From Casetext: Smarter Legal Research

United States v. La Torre-Hernandez

UNITED STATES DISTRICT COURT FOR THE DISTRICT OF IDAHO
Jun 20, 2018
Case No. 1:17-CR-338-BLW (D. Idaho Jun. 20, 2018)

Summary

dismissing illegal reentry indictment based on the IJ's failure to meaningfully advise the defendant about his eligibility for pre-conclusion voluntary departure

Summary of this case from United States v. Gonzalez-Sanchez

Opinion

Case No. 1:17-CR-338-BLW

06-20-2018

UNITED STATES OF AMERICA, Plaintiff, v. EFRAIN DE LA TORRE-HERNANDEZ, A/K/A EFRAIN DELATORRES HERNANDEZ, Defendant.


MEMORANDUM DECISION AND ORDER

INTRODUCTION

The Court has before it a motion to dismiss filed by defendant Torre-Hernandez.

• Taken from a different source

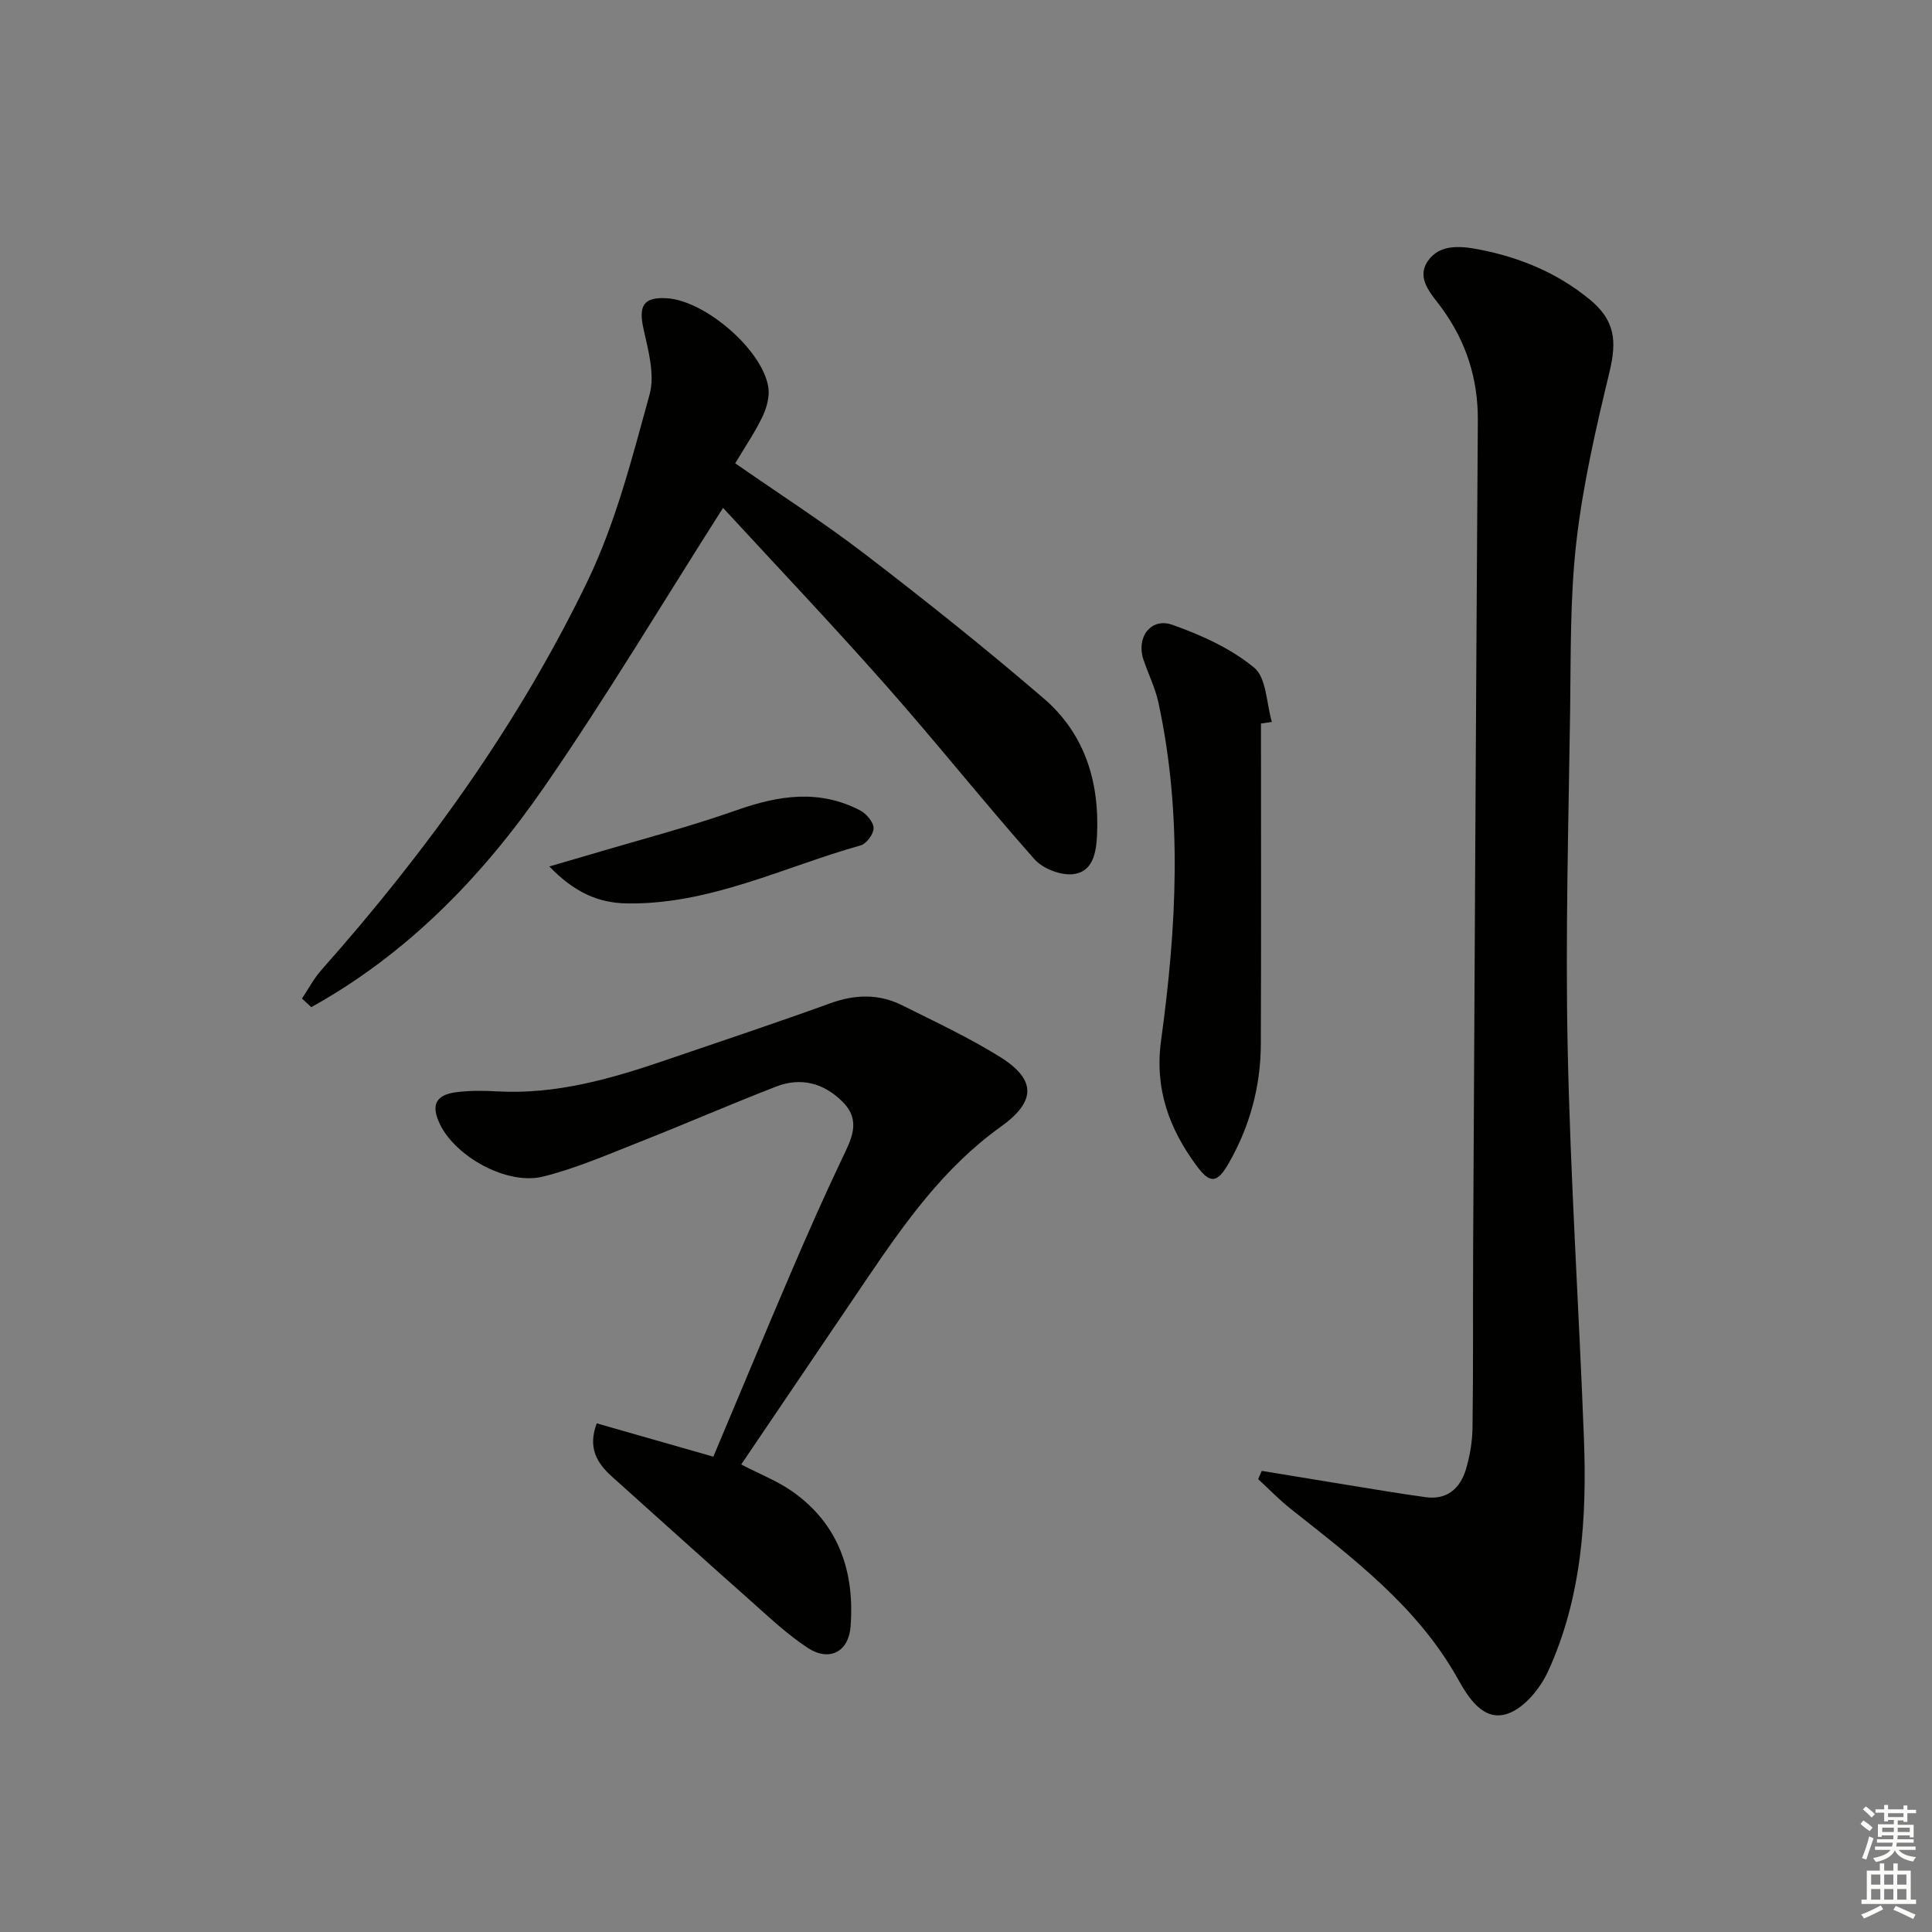 <svg enable-background="new 0 0 400 400" viewBox="0 0 400 400" xmlns="http://www.w3.org/2000/svg"><rect x="0" y="0" width="400" height="400" fill="#808080" stroke="none"/><g fill="#010100"><path d="m261.23 304.53c5.93.97 11.85 1.96 17.78 2.92 5.4.87 10.79 1.79 16.21 2.53 4.36.59 7.06-1.81 8.25-5.67.86-2.81 1.36-5.85 1.4-8.79.17-12.5.07-25 .13-37.5.3-56.98.59-113.95.97-170.93.06-8.65-2.4-16.33-7.46-23.29-2.11-2.9-5.42-6.09-2.88-9.77 2.35-3.41 6.48-3.17 10.49-2.4 8.5 1.63 16.25 4.84 22.94 10.31 5.33 4.36 5.73 8.59 4.16 15.11-2.79 11.57-5.48 23.25-6.84 35.05-1.33 11.53-1.14 23.26-1.3 34.91-.33 23.31-1 46.63-.51 69.92.56 26.93 2.33 53.83 3.36 80.75.63 16.55-.4 33-7.4 48.32-1.63 3.57-4.96 7.64-8.41 8.81-4.96 1.68-8.07-3.25-10.22-7.1-8.36-15.03-21.69-25.02-34.74-35.37-2.35-1.87-4.45-4.06-6.67-6.1.24-.57.49-1.14.74-1.71z"/><path d="m62.52 206.74c1.32-1.97 2.44-4.13 4-5.89 21.76-24.51 40.85-50.97 55.1-80.49 5.86-12.14 9.25-25.55 12.86-38.64 1.14-4.12-.25-9.15-1.24-13.59-1.08-4.84-.03-6.68 4.84-6.38 7.93.5 19.76 10.66 20.99 18.4.31 1.94-.33 4.27-1.2 6.1-1.57 3.27-3.64 6.3-5.65 9.67 9.16 6.38 18.37 12.28 27.01 18.92 12.53 9.61 24.89 19.47 36.86 29.76 8.46 7.27 11.56 17.2 11.04 28.28-.17 3.69-.86 7.66-4.98 8.11-2.57.28-6.25-1.15-7.98-3.1-10.48-11.83-20.34-24.22-30.81-36.06-11.12-12.58-22.69-24.77-33.66-36.68-12.47 19.57-24.1 39.06-36.96 57.69-12.82 18.58-28.38 34.64-48.29 45.68-.65-.59-1.29-1.18-1.93-1.78z"/><path d="m153.46 303.2c3.96 2.06 7.58 3.46 10.66 5.64 9.61 6.81 12.85 16.65 11.98 27.94-.4 5.23-4.41 7.29-8.81 4.43-4.27-2.78-8.04-6.38-11.88-9.78-9.59-8.5-19.1-17.1-28.64-25.65-3.15-2.82-5.14-5.98-3.22-11.09 8.15 2.33 16.04 4.58 24.14 6.9 5.36-12.72 10.63-25.43 16.05-38.07 3.4-7.94 6.89-15.84 10.6-23.64 1.93-4.05 4.05-7.86.07-11.81-3.92-3.88-8.64-5.08-13.74-3.1-9.45 3.66-18.74 7.72-28.16 11.43-6.61 2.6-13.19 5.48-20.04 7.19-7.45 1.87-18.14-4.08-21.39-10.84-1.89-3.93-.92-6.06 3.38-6.62 2.79-.36 5.66-.33 8.48-.17 12.22.68 23.68-2.63 35.04-6.52 11.32-3.87 22.67-7.65 33.92-11.72 5.13-1.86 10.05-2 14.89.42 6.83 3.42 13.8 6.66 20.26 10.69 7.62 4.75 7.38 9.29.14 14.46-11.74 8.39-19.91 19.95-27.86 31.69-8.59 12.67-17.15 25.33-25.87 38.22z"/><path d="m261.07 149.8c0 22.13.06 44.26-.03 66.39-.03 8.79-2.3 17.08-6.69 24.72-2.32 4.04-3.81 4.23-6.55.53-5.72-7.7-8.79-16-7.41-26.04 3.2-23.29 4.49-46.67-.55-69.93-.66-3.06-2.11-5.94-3.11-8.93-1.53-4.58 1.55-8.75 6-7.18 5.99 2.12 12.11 4.89 16.94 8.88 2.56 2.12 2.52 7.39 3.66 11.23-.75.11-1.51.22-2.26.33z"/><path d="m113.73 179.39c3.44-1 5.75-1.66 8.06-2.35 10.3-3.07 20.72-5.77 30.84-9.34 8.68-3.06 17.06-4.31 25.49.11 1.27.67 2.73 2.39 2.75 3.65.02 1.21-1.48 3.23-2.69 3.57-16.04 4.51-31.28 12.32-48.49 12.01-5.87-.1-10.85-2.35-15.96-7.65z"/></g><path d="m385.2 377.6.6-.7c.6.4 1.3.9 1.9 1.5l-.6.7c-.8-.5-1.4-1-1.9-1.5zm.3 7.1c.6-1.4 1.1-2.9 1.5-4.5.3.1.6.3.9.4-.5 1.4-1 2.9-1.5 4.4zm.2-10.1.6-.6c.7.5 1.3 1.1 1.9 1.6l-.7.7c-.6-.6-1.2-1.2-1.8-1.7zm8.4-.8h.8v.9h1.8v.7h-1.8v1.8h-.8v-.3h-1.2v.9h3.3v2.6h-.8v-.4h-2.5c0 .3 0 .6-.1.8h3.4v.7h-3.5c0 .3-.1.6-.1.8h4v.7h-3.5c.7.9 1.9 1.3 3.6 1.5-.2.2-.4.5-.6.9-1.9-.3-3.2-1.1-3.8-2.3-.5 1.1-1.8 2-3.9 2.4-.2-.3-.4-.5-.6-.8 1.9-.4 3.1-.9 3.6-1.7h-3.2v-.7h3.5c.1-.2.1-.5.2-.8h-3.3v-.7h3.4c0-.2 0-.5 0-.8h-2.4v.3h-.8v-2.6h3.3v-.9h-1.2v.3h-.8v-1.8h-1.8v-.7h1.8v-.9h.8v.9h3.2zm-4.4 5.5h2.4c0-.3 0-.6 0-.9h-2.4zm1.2-3.1h3.2v-.8h-3.2zm4.4 2.2h-2.4v.9h2.5v-.9z" fill="#fbfcfa"/><path d="m389.2 385.8h.9v1.5h1.9v-1.5h.9v1.5h2.7v6h1.1v.9h-11.3v-.9h1.1v-6h2.7zm.2 8.7.5.8c-1.2.6-2.5 1.3-4 1.9-.2-.3-.3-.6-.6-.8 1.6-.6 3-1.3 4.1-1.9zm-2-4.3h1.9v-2.1h-1.9zm0 3.1h1.9v-2.2h-1.9zm2.7-3.1h1.9v-2.1h-1.9zm0 3.1h1.9v-2.2h-1.9zm2.4 1.3c1.4.6 2.7 1.2 4.1 1.8l-.5.9c-1.5-.7-2.8-1.4-4.1-1.9zm2.2-6.5h-1.9v2.1h1.9zm-1.9 5.2h1.9v-2.2h-1.9z" fill="#fbfcfa"/></svg>

The motion is fully briefed and at issue. For the reasons explained below, the Court will grant the motion.

LITIGATION BACKGROUND

Torre-Hernandez has been charged with a single count of illegal reentry. The Indictment alleges that he was lawfully removed from the United States on September 13, 2013. Torre-Hernandez alleges, however, that at his removal proceeding in 2013, the presiding Immigration Judge (IJ) failed to advise him of his right to apply for voluntary departure. This failure, Torre-Hernandez argues, deprived him of his due process rights and requires that this Indictment be dismissed.

Torre-Hernandez's motion requires the Court to examine the removal proceedings conducted in 2013. Just prior to those removal proceedings, Torre-Hernandez had been imprisoned following a conviction for illegal reentry. Upon his release in 2013, he was served with a Notice to Appear at removal proceedings before the Immigration Court. That proceeding was held on September 12, 2013, and included a group of individuals subject to removal. Addressing them as a group, the IJ explained that he would first determine if the charges of removability were true, and, if so, would then determine "whether you'll be permitted to stay here in the United States or not or whether you'll be permitted to leave voluntarily." Transcript (Dkt. No. 16-5) at 5:21-6:2. "Either way," he explained, "you would avoid a deportation order." Id. at 6:2-3. He summarized, "the purpose of these proceedings, as many of you have figured out, is to determine whether you'll be permitted to stay here in the United States or not or leave without - or leave with voluntary departure." Id. at 6:3-7.

The IJ then explained three fundamental rights - the right to an attorney, the right to submit evidence, and the right to appeal - and explained each right, noting that there was a free legal service provider at the facility and "they can talk to you about whether you are eligible for some type of relief that would permit you to stay here in the United States." Id. at 6:20-23. The IJ also informed the group that they had the right to present evidence, including evidence about why they should be allowed to remain in the United States. Id. at 7:12-17, 7:23-8:5. While discussing the right to appeal, the IJ stated, "I'll also be required to make a decision whether you'll be permitted to stay here and whether you're going to be deported or receive voluntary departure." Id. at 9:8-11. "Any time I make a decision, you have the right to file an appeal." Id. at 9:12-13. He asked if anyone in the group was a citizen or national of the United States. No one raised their hand, so he proceeded and asked each individual if they wanted to proceed with or without an attorney. Torre-Hernandez said he wanted to proceed without an attorney. Id. at 12:13.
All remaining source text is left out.